(Source data)
|---|
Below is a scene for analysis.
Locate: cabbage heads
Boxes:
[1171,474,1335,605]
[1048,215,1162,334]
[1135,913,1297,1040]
|---|
* _PROBLEM DETAILS_:
All the data above is to be given again, exactly.

* _ANSWER SECTION_:
Below is a scene for analysis.
Locate: cabbage heads
Boxes:
[1171,474,1335,605]
[1048,215,1162,334]
[1135,913,1297,1040]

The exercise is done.